I walk out of Gerard's house, closing the door softly behind me. His mom offered me a ride, but I refused to take the offer because I didn't want to waste her gas. Alex and I are meeting up just a few blocks away at the comic store anyways, I don't have a problem with walking. The only thing is, things got really awkward between Gerard and I after all I said was "maybe". He didn't really want to talk anymore and he was constantly zoning out, staring off into space whilst in his own thoughts. I decided to just leave and let him think as he wanted, so I'm going an hour early. That's fine though, it isn't hard to entertain me at a comic store, I'll just pick one up and start reading. All the workers are completely fine with it, though usually you're supposed to buy them before you're allowed to sit and read them.

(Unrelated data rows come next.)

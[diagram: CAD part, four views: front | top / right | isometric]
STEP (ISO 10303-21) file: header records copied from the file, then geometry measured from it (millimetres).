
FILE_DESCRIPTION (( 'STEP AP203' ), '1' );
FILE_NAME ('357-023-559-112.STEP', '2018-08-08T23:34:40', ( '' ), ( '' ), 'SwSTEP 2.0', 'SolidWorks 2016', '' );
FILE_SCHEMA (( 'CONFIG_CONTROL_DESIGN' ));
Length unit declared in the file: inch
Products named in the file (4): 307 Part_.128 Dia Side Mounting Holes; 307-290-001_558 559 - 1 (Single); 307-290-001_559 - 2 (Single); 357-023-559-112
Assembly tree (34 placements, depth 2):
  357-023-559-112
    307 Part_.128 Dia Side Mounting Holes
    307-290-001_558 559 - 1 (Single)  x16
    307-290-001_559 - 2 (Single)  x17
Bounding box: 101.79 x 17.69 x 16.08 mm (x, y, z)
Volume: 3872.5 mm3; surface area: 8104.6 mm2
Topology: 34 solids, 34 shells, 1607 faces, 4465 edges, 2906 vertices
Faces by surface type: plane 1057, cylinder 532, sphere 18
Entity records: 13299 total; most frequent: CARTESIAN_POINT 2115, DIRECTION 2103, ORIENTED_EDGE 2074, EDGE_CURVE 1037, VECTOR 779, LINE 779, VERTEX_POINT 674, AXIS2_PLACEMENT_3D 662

Anyways, I would say yes to Gerard, but I just don't know. I don't think I know all that much about him, and I'm really cautious about that stuff because that's how my parents ended up splitting. They rushed into marriage and didn't get a chance to really meet each other, a few years later, my mom's stuff was packed and she was out the door. I don't want that to happen to me again, just with my own partner and not a mother figure. I realize I'm only fifteen, too young to be thinking about being ditched after an unsuccessful marriage, but what if Gerard and I have a chance? A good one, but it gets blown because we didn't take the time to get to know each other.

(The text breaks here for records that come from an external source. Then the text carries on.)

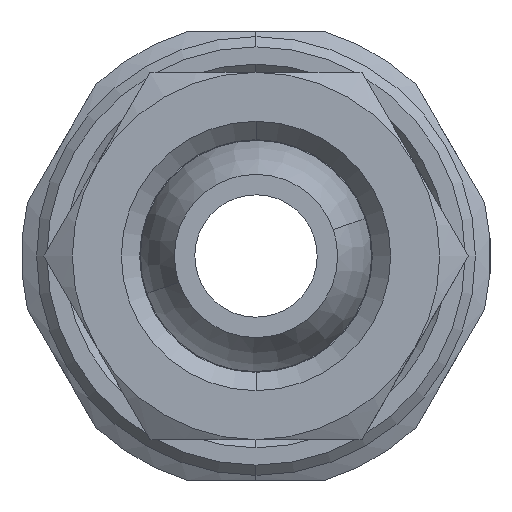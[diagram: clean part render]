
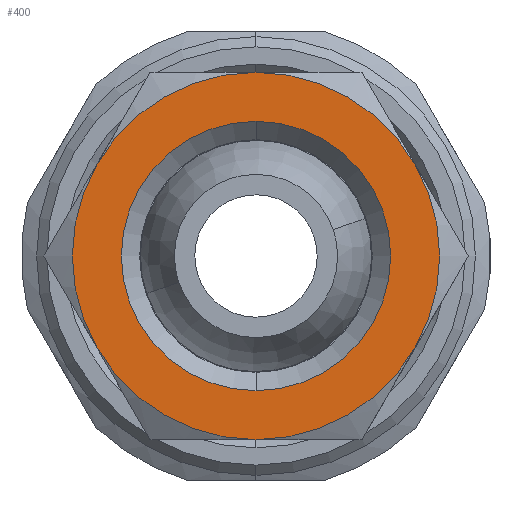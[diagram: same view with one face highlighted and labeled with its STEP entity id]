
A CAD part, left-side view. The second image highlights one B-rep face of the part: STEP entity #400.
In plain terms, the highlighted planar face has unit normal (-1, 0, 0).
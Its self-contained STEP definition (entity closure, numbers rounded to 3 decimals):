
#159 = CARTESIAN_POINT ( 'NONE',  ( -16.1, 0., 0. ) ) ;
#160 = DIRECTION ( 'NONE',  ( 1., 0., 0. ) ) ;
#161 = DIRECTION ( 'NONE',  ( 0., 0., -1. ) ) ;
#202 = CARTESIAN_POINT ( 'NONE',  ( -16.1, 0., 0. ) ) ;
#203 = DIRECTION ( 'NONE',  ( 1., 0., 0. ) ) ;
#204 = DIRECTION ( 'NONE',  ( 0., 0., -1. ) ) ;
#225 = CARTESIAN_POINT ( 'NONE',  ( -16.1, 0., 0. ) ) ;
#226 = DIRECTION ( 'NONE',  ( 1., 0., 0. ) ) ;
#227 = DIRECTION ( 'NONE',  ( 0., 0., -1. ) ) ;
#234 = CARTESIAN_POINT ( 'NONE',  ( -16.1, 0., 0. ) ) ;
#235 = DIRECTION ( 'NONE',  ( 1., 0., 0. ) ) ;
#236 = DIRECTION ( 'NONE',  ( 0., 0., -1. ) ) ;
#243 = CARTESIAN_POINT ( 'NONE',  ( -16.1, 0., 0. ) ) ;
#244 = DIRECTION ( 'NONE',  ( 1., 0., 0. ) ) ;
#245 = DIRECTION ( 'NONE',  ( 0., 0., -1. ) ) ;
#246 = CARTESIAN_POINT ( 'NONE',  ( -16.1, 0., 0. ) ) ;
#247 = DIRECTION ( 'NONE',  ( 1., 0., 0. ) ) ;
#248 = DIRECTION ( 'NONE',  ( 0., 0., -1. ) ) ;
#249 = CARTESIAN_POINT ( 'NONE',  ( -16.1, 0., 0. ) ) ;
#250 = DIRECTION ( 'NONE',  ( 1., 0., 0. ) ) ;
#251 = DIRECTION ( 'NONE',  ( 0., 0., -1. ) ) ;
#252 = CARTESIAN_POINT ( 'NONE',  ( -16.1, 0., 0. ) ) ;
#253 = DIRECTION ( 'NONE',  ( 1., 0., 0. ) ) ;
#254 = DIRECTION ( 'NONE',  ( 0., 0., -1. ) ) ;
#400 = ADVANCED_FACE ( 'NONE', ( #1854, #1855 ), #1198, .F. ) ;
#419 = AXIS2_PLACEMENT_3D ( 'NONE', #246, #247, #248 ) ;
#420 = AXIS2_PLACEMENT_3D ( 'NONE', #249, #250, #251 ) ;
#421 = AXIS2_PLACEMENT_3D ( 'NONE', #252, #253, #254 ) ;
#903 = ORIENTED_EDGE ( 'NONE', *, *, #1622, .T. ) ;
#904 = ORIENTED_EDGE ( 'NONE', *, *, #1605, .T. ) ;
#905 = ORIENTED_EDGE ( 'NONE', *, *, #1611, .F. ) ;
#906 = ORIENTED_EDGE ( 'NONE', *, *, #1615, .F. ) ;
#907 = ORIENTED_EDGE ( 'NONE', *, *, #1621, .F. ) ;
#908 = ORIENTED_EDGE ( 'NONE', *, *, #1620, .F. ) ;
#909 = ORIENTED_EDGE ( 'NONE', *, *, #1619, .F. ) ;
#910 = ORIENTED_EDGE ( 'NONE', *, *, #1617, .F. ) ;
#986 = EDGE_LOOP ( 'NONE', ( #910, #909, #908, #907, #906, #905 ) ) ;
#989 = EDGE_LOOP ( 'NONE', ( #904, #903 ) ) ;
#1097 = CARTESIAN_POINT ( 'NONE',  ( -16.1, 0., -6.6 ) ) ;
#1099 = CARTESIAN_POINT ( 'NONE',  ( -16.1, 7.794, -4.5 ) ) ;
#1100 = CARTESIAN_POINT ( 'NONE',  ( -16.1, 0., 6.6 ) ) ;
#1101 = CARTESIAN_POINT ( 'NONE',  ( -16.1, 7.794, 4.5 ) ) ;
#1102 = CARTESIAN_POINT ( 'NONE',  ( -16.1, 0., 9. ) ) ;
#1106 = CARTESIAN_POINT ( 'NONE',  ( -16.1, 0., -9. ) ) ;
#1107 = CARTESIAN_POINT ( 'NONE',  ( -16.1, -7.794, 4.5 ) ) ;
#1108 = CARTESIAN_POINT ( 'NONE',  ( -16.1, -7.794, -4.5 ) ) ;
#1196 = DIRECTION ( 'NONE',  ( 0., 0., -1. ) ) ;
#1197 = DIRECTION ( 'NONE',  ( 1., 0., 0. ) ) ;
#1198 = PLANE ( 'NONE',  #2350 ) ;
#1199 = CARTESIAN_POINT ( 'NONE',  ( -16.1, 9., 0. ) ) ;
#1324 = VERTEX_POINT ( 'NONE', #1108 ) ;
#1325 = VERTEX_POINT ( 'NONE', #1107 ) ;
#1326 = VERTEX_POINT ( 'NONE', #1106 ) ;
#1329 = VERTEX_POINT ( 'NONE', #1102 ) ;
#1331 = VERTEX_POINT ( 'NONE', #1101 ) ;
#1332 = VERTEX_POINT ( 'NONE', #1100 ) ;
#1333 = VERTEX_POINT ( 'NONE', #1099 ) ;
#1335 = VERTEX_POINT ( 'NONE', #1097 ) ;
#1605 = EDGE_CURVE ( 'NONE', #1332, #1335, #1965, .T. ) ;
#1611 = EDGE_CURVE ( 'NONE', #1333, #1331, #1969, .T. ) ;
#1615 = EDGE_CURVE ( 'NONE', #1331, #1329, #1970, .T. ) ;
#1617 = EDGE_CURVE ( 'NONE', #1326, #1333, #1971, .T. ) ;
#1619 = EDGE_CURVE ( 'NONE', #1324, #1326, #1972, .T. ) ;
#1620 = EDGE_CURVE ( 'NONE', #1325, #1324, #1973, .T. ) ;
#1621 = EDGE_CURVE ( 'NONE', #1329, #1325, #1974, .T. ) ;
#1622 = EDGE_CURVE ( 'NONE', #1335, #1332, #1975, .T. ) ;
#1854 = FACE_OUTER_BOUND ( 'NONE', #986, .T. ) ;
#1855 = FACE_BOUND ( 'NONE', #989, .T. ) ;
#1965 = CIRCLE ( 'NONE', #2394, 6.6 ) ;
#1969 = CIRCLE ( 'NONE', #2397, 9. ) ;
#1970 = CIRCLE ( 'NONE', #2398, 9. ) ;
#1971 = CIRCLE ( 'NONE', #2399, 9. ) ;
#1972 = CIRCLE ( 'NONE', #2400, 9. ) ;
#1973 = CIRCLE ( 'NONE', #419, 9. ) ;
#1974 = CIRCLE ( 'NONE', #420, 9. ) ;
#1975 = CIRCLE ( 'NONE', #421, 6.6 ) ;
#2350 = AXIS2_PLACEMENT_3D ( 'NONE', #1199, #1197, #1196 ) ;
#2394 = AXIS2_PLACEMENT_3D ( 'NONE', #159, #160, #161 ) ;
#2397 = AXIS2_PLACEMENT_3D ( 'NONE', #202, #203, #204 ) ;
#2398 = AXIS2_PLACEMENT_3D ( 'NONE', #225, #226, #227 ) ;
#2399 = AXIS2_PLACEMENT_3D ( 'NONE', #234, #235, #236 ) ;
#2400 = AXIS2_PLACEMENT_3D ( 'NONE', #243, #244, #245 ) ;

God, I'm stupid. I could say yes and we could just do, like, twenty fucking questions on a date or something. Ask questions that aren't obvious. Maybe he trusts me enough to tell me what's in his journal? Now is not the time for that, idiot!  I need to quit getting sidetracked. Right now is the time to freak out about which answer to give Gerard, not what's in a fucking composition book.

Who am I kidding? I'm not going to say no. I couldn't. He likes me for no other reason than the fact I'm myself, I've always been a sucker for people who don't try to change people. He's mysterious, kind of, and that makes me interested in him. We don't know each other much, but that's what dates are for. He's also attractive, there's no denying that.

I sigh and turn a corner, looking in my reflection off the store windows. Eventually I make it to the comic store and smile, walking in. I don't recognize the employee behind the counter, maybe she's new. I hope she's okay with me reading without paying though.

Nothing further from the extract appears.